Yeah, Kirk would routinely "go where no man had gone before" so to hear complaints about sex in the new one is silly.


----------



## technomancer (Nov 19, 2008)

Looks like Star Trek: The ADD Generation...

I'll still go see it, but to be honest I don't have high hopes for this reboot.


----------



## eleven59 (Nov 19, 2008)

The funny thing about this thread, is if you reverse the shift-key when typing the title of the thread, you get: star trek11! (which is funny, because this is the 11th Star Trek movie  )


----------



## kristallin (Nov 19, 2008)

eleven59 said:


> The funny thing about this thread, is if you reverse the shift-key when typing the title of the thread, you get: star trek11! (which is funny, because this is the 11th Star Trek movie  )



 Coincidence? I think not! The Spirit of Shatner is strong on this forum!


----------



## The Dark Wolf (Nov 19, 2008)

*THIS LOOKS AMAZING!*


----------



## The Dark Wolf (Nov 19, 2008)

Holy shit. I'm excited. WOW!


----------



## Pauly (Nov 20, 2008)

Plot outline spoilers here:
Star Trek - a complete list of all spoilers for the new Star Trek movie | Movie Blog | UGO.com

and some bits here:
Star Trek (film - Wikipedia, the free encyclopedia)


----------



## The Dark Wolf (Nov 20, 2008)

Fuck plot spoilers.


----------



## JJ Rodriguez (Nov 20, 2008)

The Dark Wolf said:


> Fuck plot spoilers.





Spoiler



They fly around space and shit.


----------



## Pauly (Nov 20, 2008)

The Dark Wolf said:


> Fuck plot spoilers.



Me too, but I wanted to know what the basic gist of the film is, and... well, it's something that's been done time and again in Star Trek, but hey, should be cool.


----------



## eleven59 (Nov 20, 2008)

JJ Rodriguez said:


> Spoiler
> 
> 
> 
> They fly around space and shit.


----------



## kristallin (Nov 20, 2008)

Spoilers schmoilers, I'm still going to see it, it's fucking Star Trek, and it can't be worse than Star Trek V!


----------



## lefty robb (Nov 20, 2008)

I'm gonna see it, but I'm not digging the little kid Kirk, he's to much like little Anakin. And where the hell did he get a Corvette in the 23nd century?? Did he steal that from the Smithsonian or something?


----------



## Pauly (Nov 21, 2008)

The Kirk line has a history of collecting old antiques and things. [/Trek geek]


----------



## Naren (Nov 21, 2008)

Pauly said:


> The Kirk line has a history of collecting old antiques and things. [/Trek geek]

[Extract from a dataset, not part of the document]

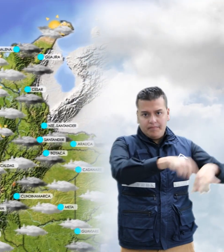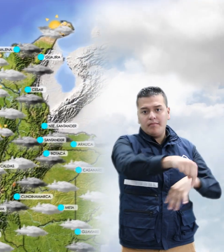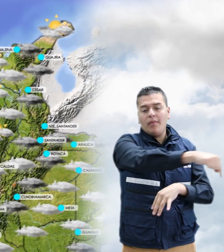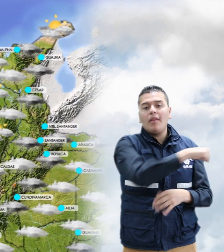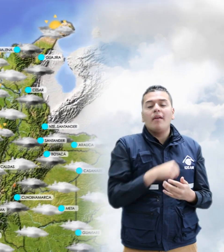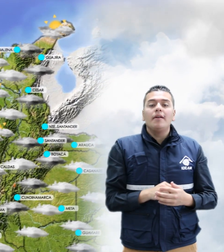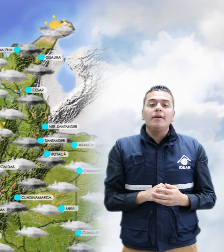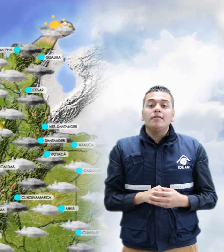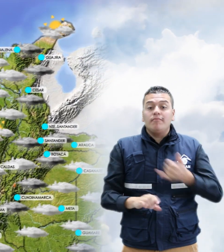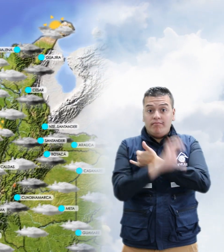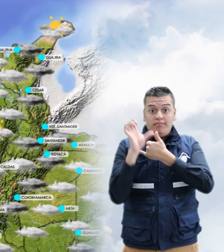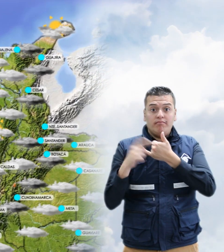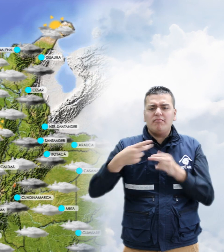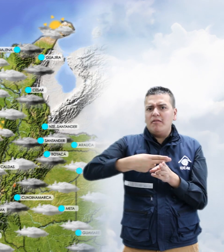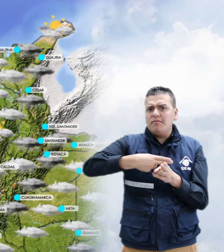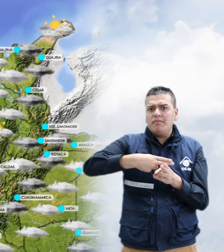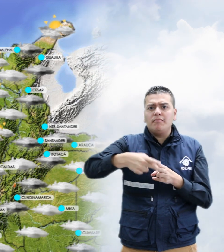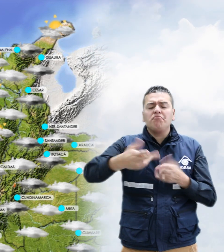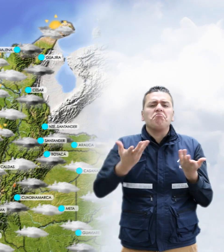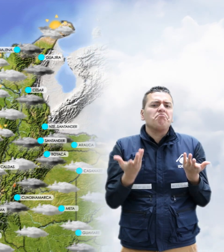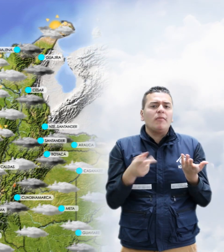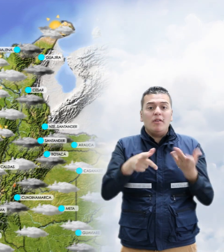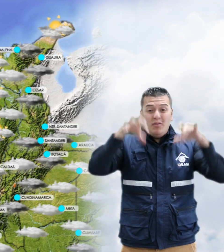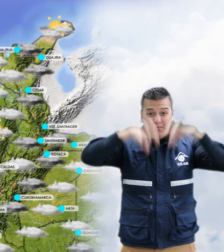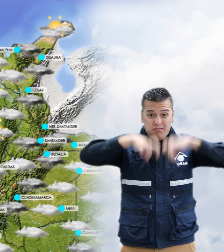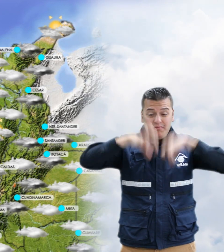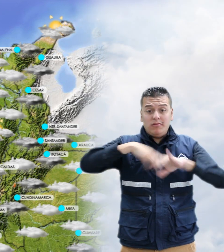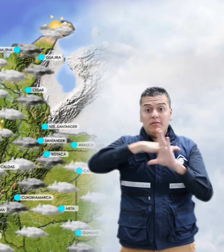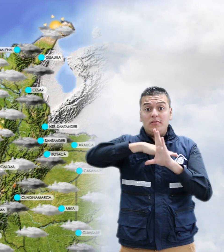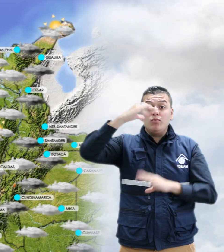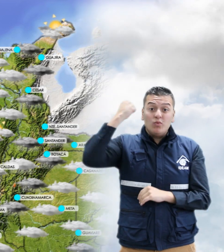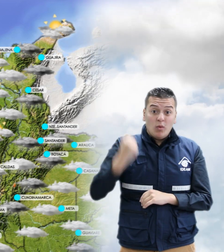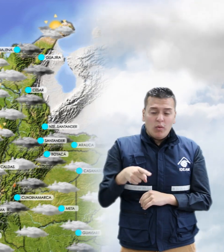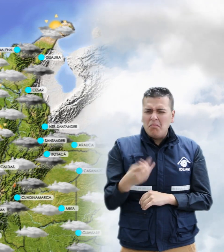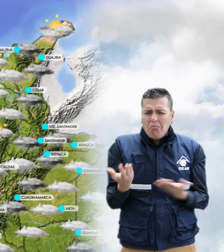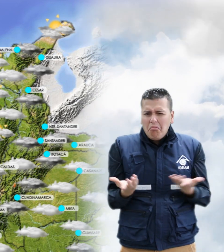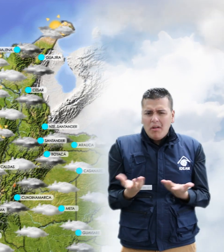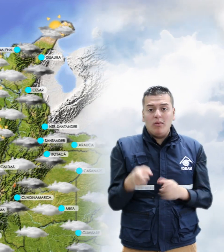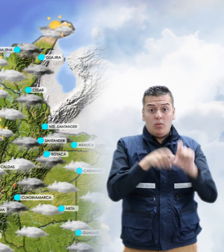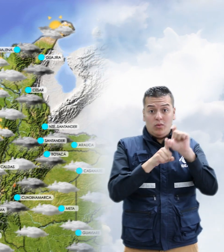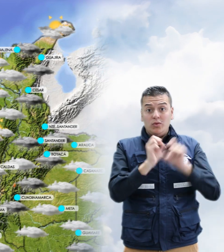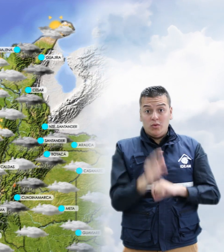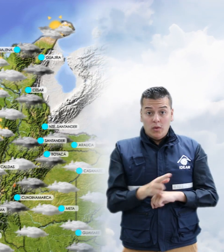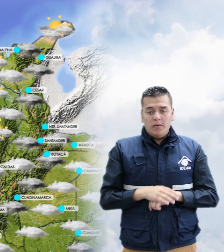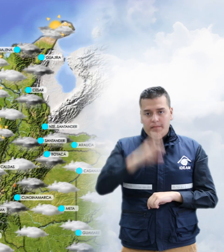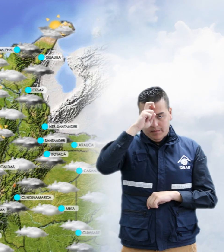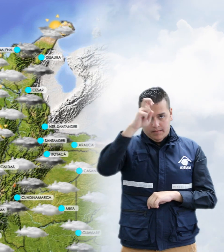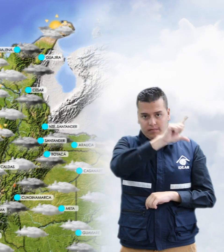En la región caribe, se prevén algunas condiciones de lluvias moderadas a fuertes al sur del departamento de La Guajira, norte de Cesar y norte

Much like how Picard was really into classic literature (such as Shakespeare).


----------



## Xaios (Nov 21, 2008)

Naren said:


> Much like how Picard was really into classic literature (such as Shakespeare).



And archeology.


----------



## eleven59 (Nov 21, 2008)

Xaios said:


> And archeology.



And older women


----------



## lefty robb (Nov 22, 2008)

Pauly said:


> The Kirk line has a history of collecting old antiques and things. [/Trek geek]




I just find it hard to believe that a car like that could survive 300 years with a nuclear holocaust and a post apocalyptic world and then another 200 years on top of that, that the rubber tires would last, as well as Gasoline, which would be all gone by then.


----------



## Pauly (Nov 22, 2008)

lefty robb said:


> I just find it hard to believe that a car like that could survive 300 years with a nuclear holocaust and a post apocalyptic world and then another 200 years on top of that, that the rubber tires would last, as well as Gasoline, which would be all gone by then.



The original series was set in the 2260's, and by Nemesis they'd got to 2379, so it's not THAT far ahead in the future. The crappy Enterprise series was set in the 2150's, so this new film will skit from like 2230's when Kirk was born to the late 2250's or something. I only needed Wikipedia for some of that, I am a geek. ^.^


----------



## Xaios (Nov 24, 2008)

eleven59 said:


> And older women



Hey yo, remember that episode of TNG where he's puttin the moves on Famke Janssen? And this was Famke Janssen in the early 90s, so she was still .


----------



## Pauly (Nov 24, 2008)




----------



## lefty robb (Nov 24, 2008)

Pauly said:


> The original series was set in the 2260's, and by Nemesis they'd got to 2379, so it's not THAT far ahead in the future. The crappy Enterprise series was set in the 2150's, so this new film will skit from like 2230's when Kirk was born to the late 2250's or something. I only needed Wikipedia for some of that, I am a geek. ^.^




I meant 300 years total, nuclear Holocaust + 200 years after that, I think WW3 ended around 2053 and First Contact was 2063, and I rounded up, so the car is about 274 years old if Kirk was born in 2233 and he was 10 years old when he stole the car, and that the car is a 1969 model.


----------